I have a laptop and was wondering if I purchased an external hard drive for it, can I dload programs on the ext. hard drive and run the programs from there? only found info. about back up, music and pictures. Can you actually dload a program such as Pinnacle Studio 10 plus, which is a video editing program to an external hard drive and use the program. Or is that not what an external hard drive was designed for? ANY HELP?
0

#2 User is offline   AuroraDizon Icon

  • Advanced Member
  • PipPipPipPipPipPipPip
  • Group: Members
  • Posts: 6,055
  • Joined: 30-July 06
  • Location:These are not the droids your looking for.

Posted 13 January 2007 - 10:53 AM

Yea, an external hard drive works like an internal hard drive. The only difference being that its not physically inside your computer. I have a partition which is just one physical drive cut into more drives. So it should work the same way. I would imagine your biggest problem with running say a video editing software is having it installed on that drive. It depends on the software, sometimes it auto-installs on C:/ and sometimes you can tell it where to install. I think that if you stuck it in your external drive that it should install there, but like I said it s up to the software sometimes. My example would be some Palm One software for PDA's before I only had an f:/ drive and had no c:/ drive at all and it would only install on a c:/ drive.
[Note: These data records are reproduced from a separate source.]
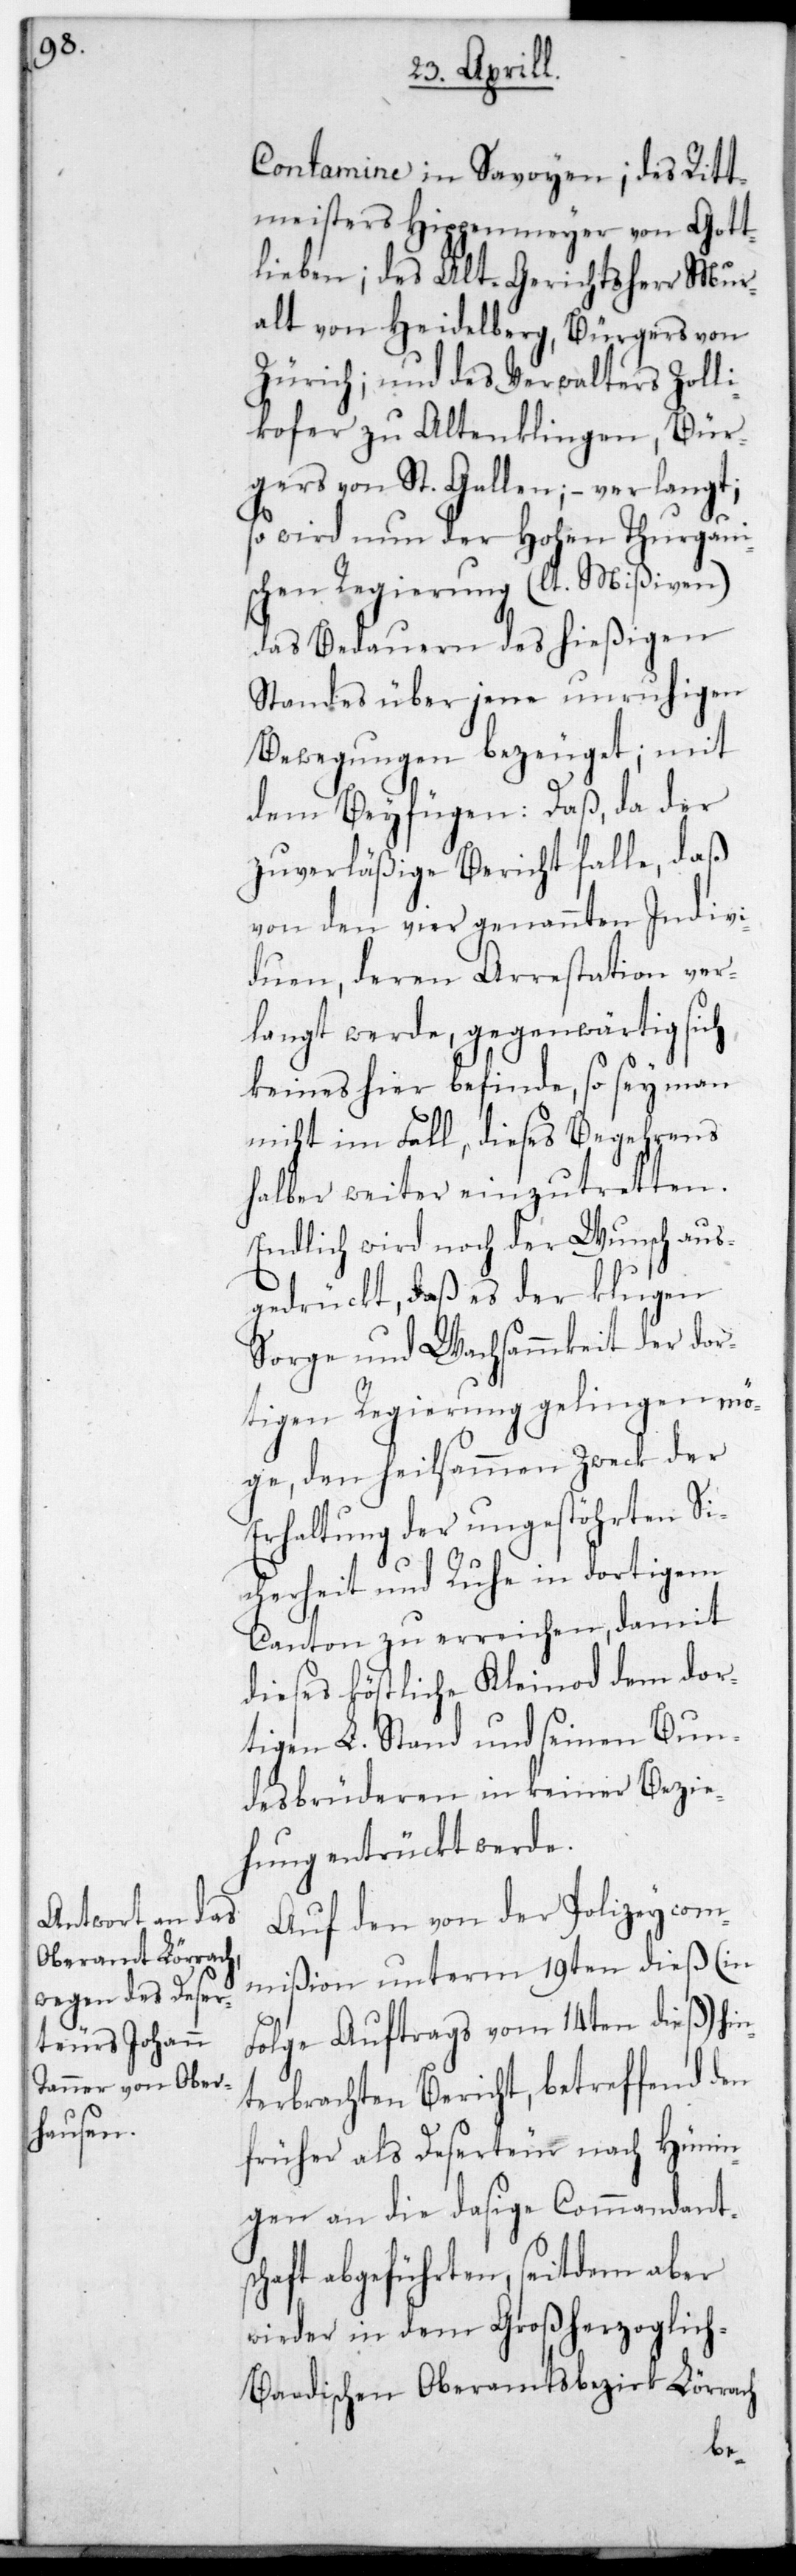
Contamine in Savoyen; des Ritt¬
meisters Hippenmeyer von Gott¬
lieben; des Alt-Gerichtsherr Mur¬
alt von Heidelberg, Bürgers von
Zürich; und des Verwalters Zolli¬
kofer zu Altenklingen, Bür¬
ger von St. Gallen; – verlangt;
so wird nun der Hohen thurgaui¬
schen Regierung (lt. Mißiven)
das Bedauern des hießigen
Standes über jene unruhigen
Bewegungen bezeugt; mit
dem Beyfügen: Daß, da der
zuverläßige Bericht falle, daß
von den vier genannten Indivi¬
duen, deren Arrestation ver¬
langt werde, gegenwärtig sich
keines hier befinde, so sey man
nicht im Fall, dieses Begehrens
halber weiter einzutretten.
Endlich wird noch der Wunsch aus¬
gedrückt, daß es der klugen
Sorge und Wachsammkeit der dor¬
tigen Regierung gelingen mö¬
ge, den heilsammen Zweck der
Erhaltung der ungestörten Si¬
cherheit und Ruhe in dortigem
Canton zu erreichen, damit
dieses köstliche Kleinod dem dor¬
tigen L. Stand und seinen Bun¬
desbrüderen in keiner Bezie¬
hung entrückt werde.
Auf den von der Polizeycom¬
mißion unterm 19ten dieß (in
Folge Auftrags vom 14ten dieß) hin¬
terbrachten Bericht, betreffend den
früher als Deserteur nach Hünin¬
gen an die dasige Commandants¬
chaft abgeführten, seitdem aber
wieder in dem Großherzoglic¬
h-Baadischen Oberamtsbezirk Lörrach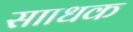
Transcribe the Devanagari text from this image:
सााधक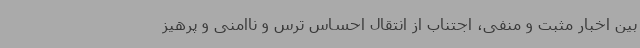
بین اخبار مثبت و منفی، اجتناب از انتقال احساس ترس و ناامنی و پرهیز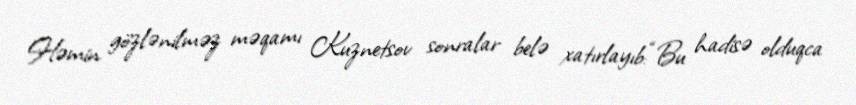
Həmin gözlənilməz məqamı Kuznetsov sonralar belə xatırlayıb:“Bu hadisə olduqca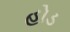
હોડ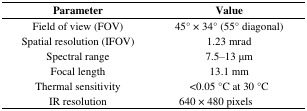
<table><thead><tr><td><b>Parameter</b></td><td><b>Value</b></td></tr></thead><tbody><tr><td>Field of view (FOV)</td><td>45° × 34° (55° diagonal)</td></tr><tr><td>Spatial resolution (IFOV)</td><td>1.23 mrad</td></tr><tr><td>Spectral range</td><td>7.5–13 μm</td></tr><tr><td>Focal length</td><td>13.1 mm</td></tr><tr><td>Thermal sensitivity</td><td>&lt;0.05 °C at 30 °C</td></tr><tr><td>IR resolution</td><td>640 × 480 pixels</td></tr></tbody></table>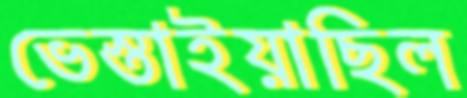
ভেস্তাইয়াছিল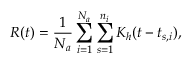
R ( t ) = \frac { 1 } { N _ { a } } \sum _ { i = 1 } ^ { N _ { a } } \sum _ { s = 1 } ^ { n _ { i } } K _ { h } ( t - t _ { s , i } ) ,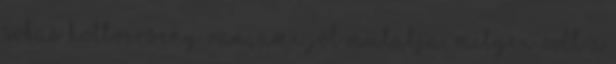
sokas holtverseny van, ami jól mutatja, milyen volt a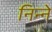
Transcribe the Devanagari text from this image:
निन्ने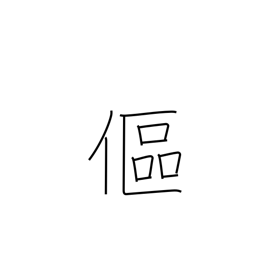
Meaning: bend over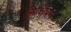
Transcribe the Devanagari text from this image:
निधिबन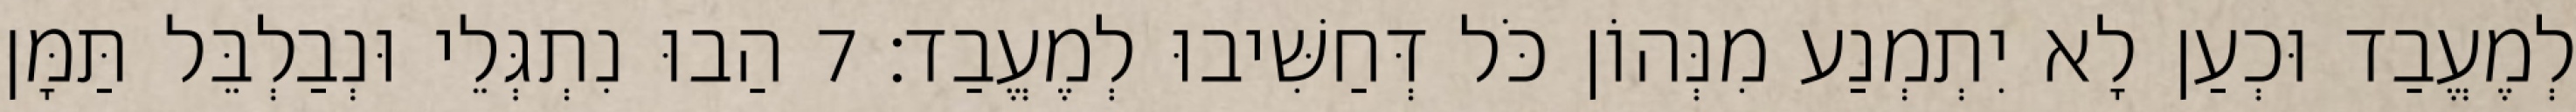
לְמֶעֱבַד וּכְעַן לָא יִתְמְנַע מִנְּהוֹן כֹּל דְּחַשִּׁיבוּ לְמֶעֱבַד׃ 7 הַבוּ נִתְגְּלֵי וּנְבַלְבֵּל תַּמָּן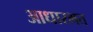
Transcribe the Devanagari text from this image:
आधारभत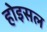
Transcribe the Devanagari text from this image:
होइसल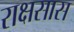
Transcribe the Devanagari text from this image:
राक्षसास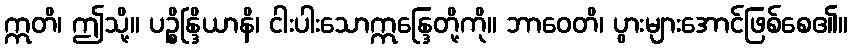
ဣတိ၊ ဤသို့။ ပဉ္စိန္ဒြိယာနိ၊ ငါးပါးသောဣန္ဒြေတို့ကို။ ဘာဝေတိ၊ ပွားများအောင်ဖြစ်စေ၏။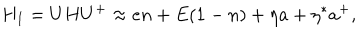
H _ { I } = U H U ^ { + } \approx e n + E ( 1 - n ) + \eta a + \eta ^ { * } a ^ { + } ,

Now, not to get too complex but you can run a virtual machine and run an operating system within an operating system in order to run the program off another drive. If say your biggest problem is space on your computer.. say your computer has like 10 gigs.. and the external hard drive has 250... you might want to just install an os on there and boot from that drive. Ok, I did a test for you and I installed a program that has to physically install onto my F:/ drive instead of my C:/ drive and I think its going to run.. Yes it seems to be running fine. I don't think you should have too many problems. Although I would imagine there are some programs that have to install things onto your C:/windows/system files, or maybe application common file data or etc I'm not sure whether it would create new folders on your external drive and use them, or if it would actually install on your drive with the operating system and then it would work.. you could always move them around if they didn't.But like I said I don't think it should be too much trouble. Hope that helped.Downloading copyrighted programs is illegal and cannot be discussed on this forum.
0

#3 User is offline   jbking Icon

  • Senior Member
  • PipPipPipPipPip
  • Group: Members
  • Posts: 970
  • Joined: 29-August 06
  • Location:Calgary, AB

Posted 13 January 2007 - 11:56 AM

You could, though I think it is worth understanding the possible shortcomings of this:1) The application may not be as portable as you'd think due to registry settings and other files in the system that aren't necessarily stated in advance. So for example while you could store music and video files on it and just unplug the drive from one machine and plug it into another and listen to the music or watch the video this isn't necessarily the case with all applications.2) If the ext. hard drive fails then you'd have to reinstall the program or restore a backup to use it.3) There can also be connection speed differences so that an internal drive connection may be faster than USB or Firewire.Regards,JB
0

#4 User is offline   meiling Icon

  • Newbie
  • Pip
  • Group: Members
  • Posts: 8
  • Joined: 13-January 07

Posted 13 January 2007 - 01:02 PM

Thanks for your response. After reading them, I think that maybe I am getting into something that I know nothing about. I have the video editing program on my desk top computer and now I have a laptop, which is much more comfortable using sitting on the couch. lol. I have the room on my hard drive on my lap top, but the program is so big and it states that it uses alot of memory when i make videos, that I thought that if i got an ext. hard drive I would be able to dload the program and make my videos on that rather than my internal hard drive. I never considered speed or any other things mentioned in your responses. I thought that I could just hook it up through my usb connection and just go from there. I dont want to have to get into changing things on my new laptop. Like I said dont know to much about computers. I like to try to keep them the way I received them. If I were to do this, how would i found out about the speed? Can I get an ext. hard drive with the same speed as my laptop? I didnt want to use the ext. on other machines, just my laptop and just for that program. Im not sure if I am able to tell this program where to dload either. I never thought of that. Regarding an operating system. on my laptop I have windows xp media center. Can I dload a different windows xp on a ext. hard drive without messing up my laptop?
0

#5 User is offline   meiling Icon

  • Newbie
  • Pip
  • Group: Members
  • Posts: 8
  • Joined: 13-January 07

Posted 13 January 2007 - 01:12 PM

Sorry for my other posts on same subject. Wasnt sure if I had the right area to ask the question so I posted it under 2 different categories. AGAIN THANKS FOR YOUR RESPONSES.
0

#6 User is offline   AuroraDizon Icon

  • Advanced Member
  • PipPipPipPipPipPipPip
  • Group: Members
  • Posts: 6,055
  • Joined: 30-July 06
  • Location:These are not the droids your looking for.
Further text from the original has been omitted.